Though probability measure meets the above three axioms, it is not a special case of uncertainty theory because the product probability does not satisfy the fourth axiom of the uncertainty theory given below.

(iv) (Product Axiom) (Liu [31]) Let (Γ_k, ℒ_k, ℳ_k) be uncertainty spaces for k = 1, 2, ⋯ The product uncertain measure ℳ is an uncertain measure satisfying $ℳ {\prod_{k = 1}^{\infty} Λ_{k}} = ⋀_{k = 1}^{\infty} ℳ_{k} {Λ_{k}}$ where Λ_k are arbitrarily chosen events from ℒ_k for k = 1, 2, ⋯, respectively.

Definition 2. (Liu [30]) An uncertain variable is a measurable function ξ from an uncertainty space (Γ, ℒ, ℳ) to the set of real numbers, i.e., for any Borel set of B of real numbers, the set ${ξ \in B} = {γ \in Γ | ξ (γ) \in B}$ is an event.

An uncertainty distribution function is used to characterize an uncertain variable and is defined as follows.

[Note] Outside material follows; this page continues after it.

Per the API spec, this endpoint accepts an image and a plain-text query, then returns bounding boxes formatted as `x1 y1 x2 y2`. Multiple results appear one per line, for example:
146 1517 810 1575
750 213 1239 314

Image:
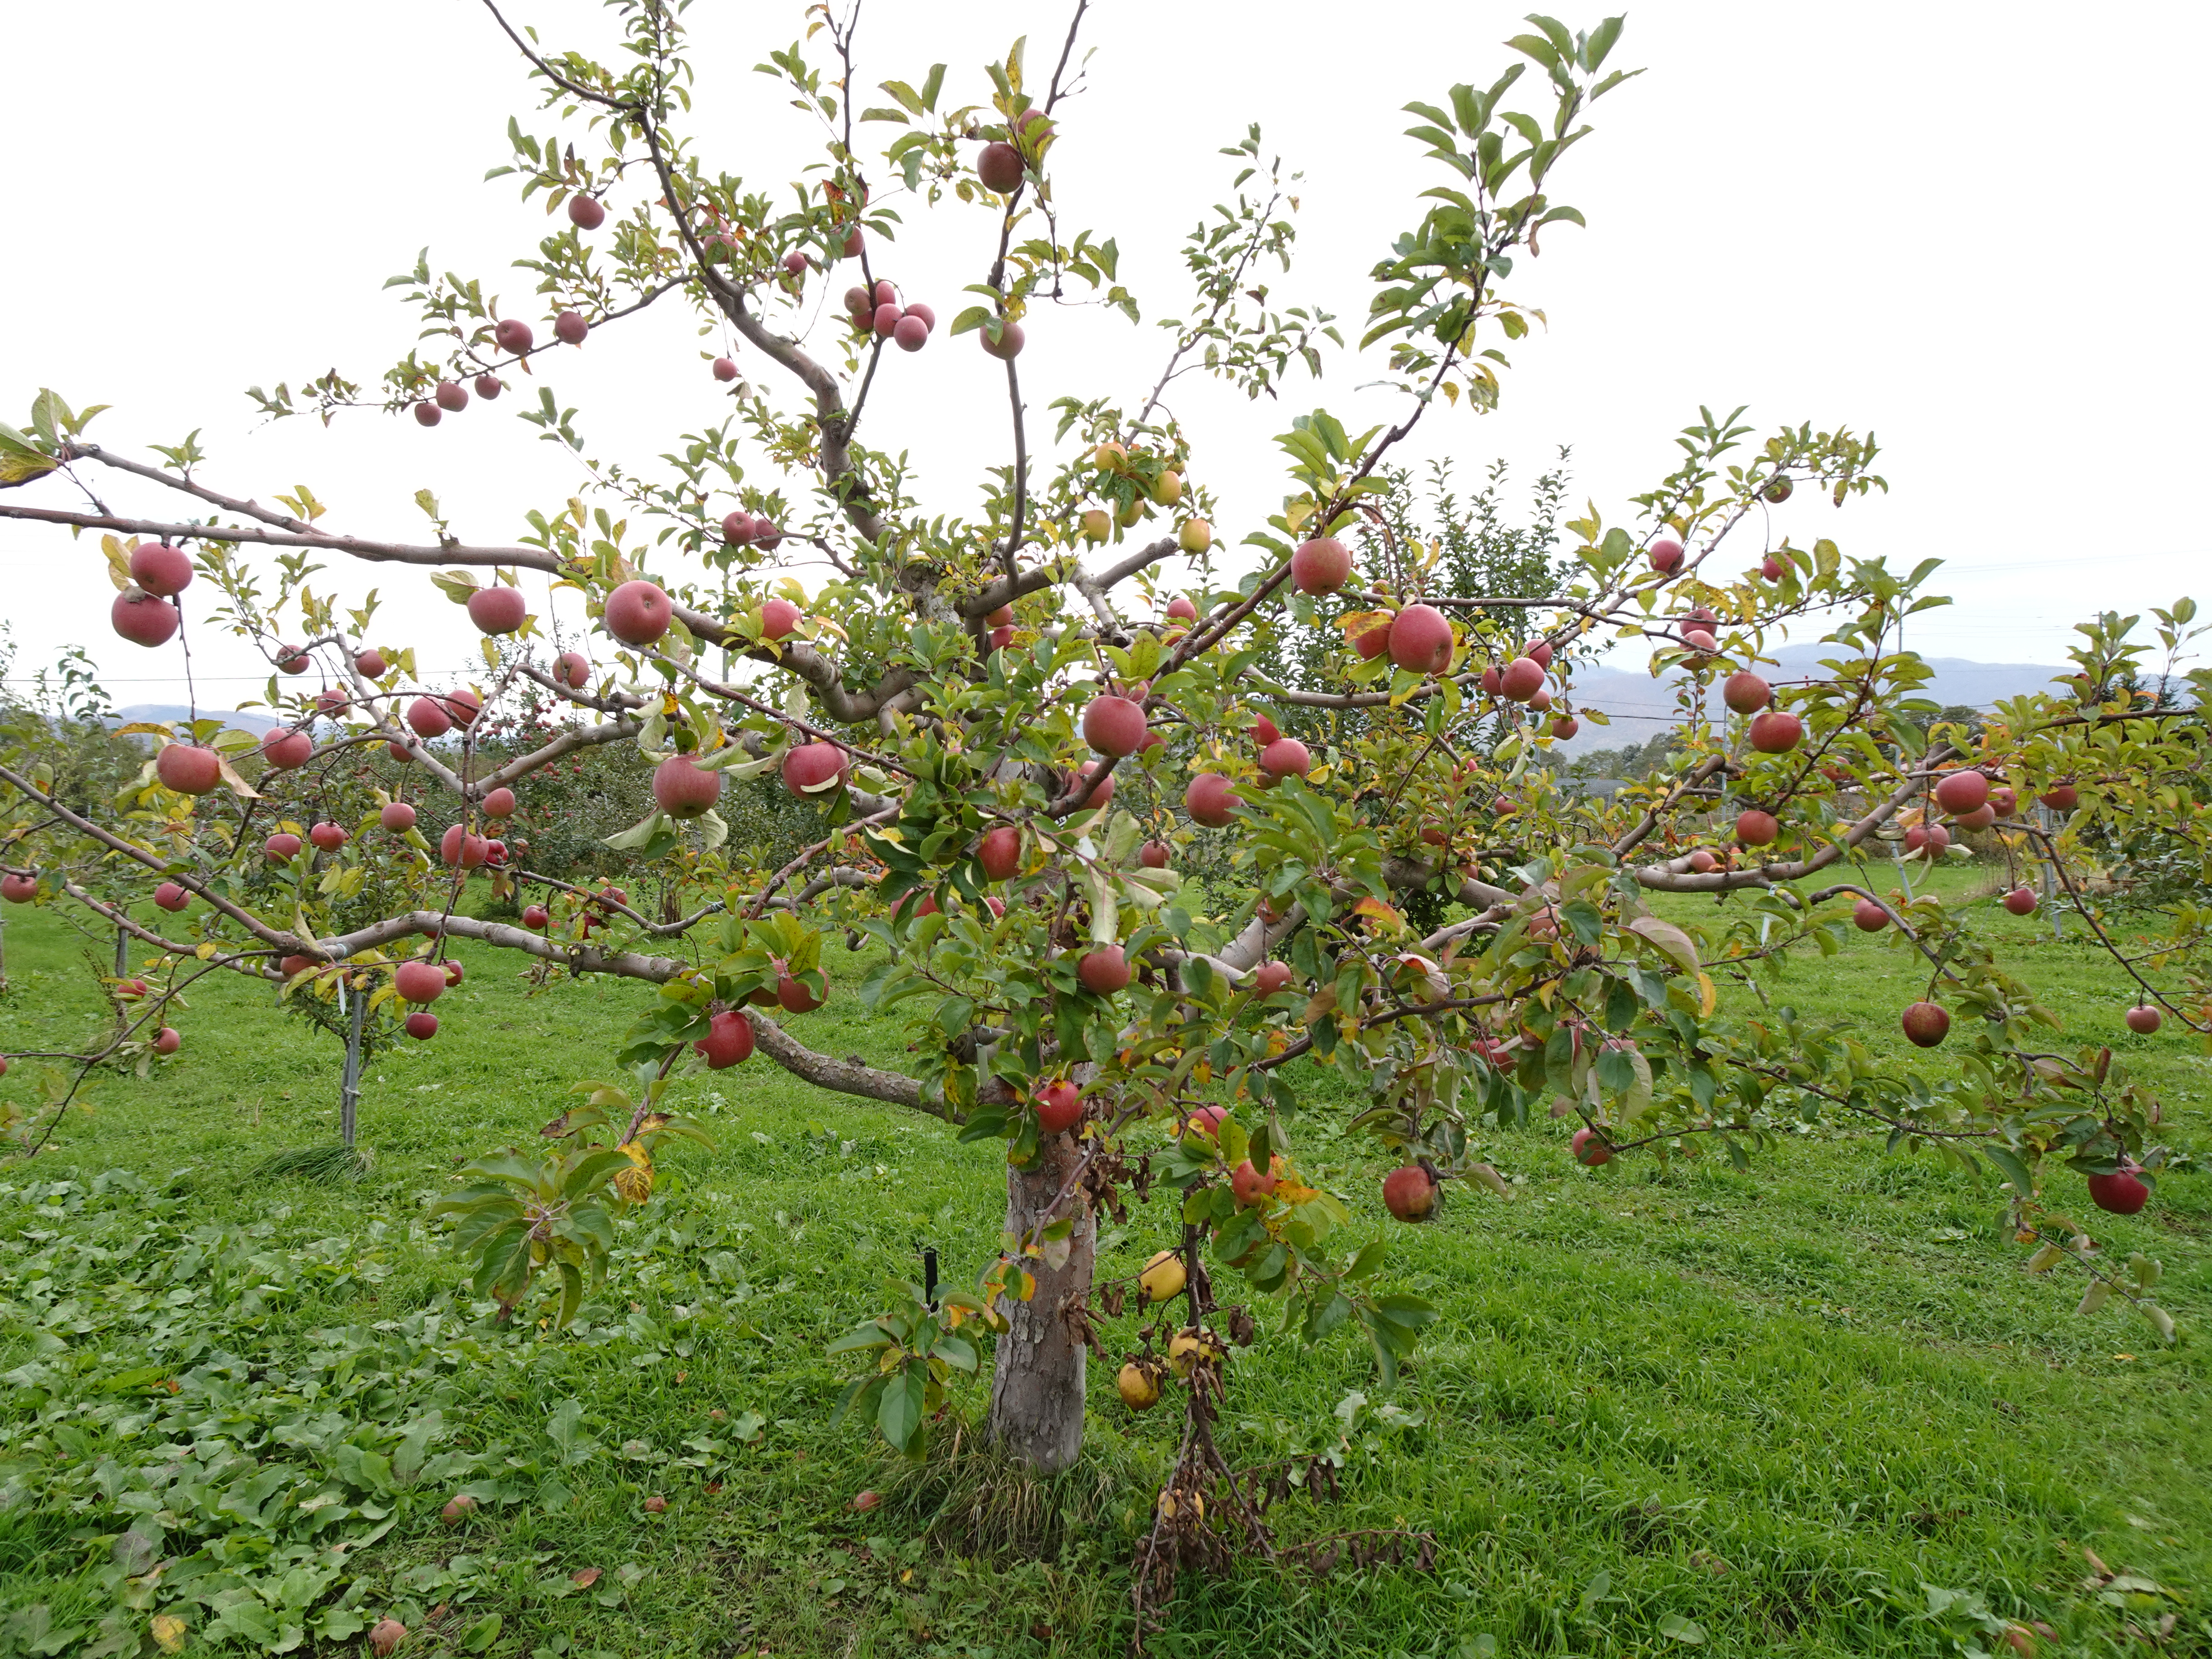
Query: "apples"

Definition 3. (Liu [30]) The uncertainty distribution $Φ : R \to [0, 1]$ of an uncertain variable ξ is defined by $Φ (t) = ℳ {ξ \leq t} .$

For example, if an uncertain variable has the following linear uncertainty distribution, we call it the linear uncertain variable. $Φ (t) = {\begin{matrix} 0, if t < a \\ (t - a) / (b - a), if a \leq t \leq b \\ 1, if t > b . \end{matrix}$ For convenience, it is denoted in the paper by $ξ \sim L (a, b)$ where a < b.

An uncertain variable is called normal if it has the following normal uncertainty distribution $Φ (t) = {(1 + exp (\frac{π (e - t)}{\sqrt{3} σ}))}^{- 1}, t \in R,$ where e and σ are real numbers and σ > 0 . For convenience, it is denoted in the paper by $ξ \sim N (e, σ)$ .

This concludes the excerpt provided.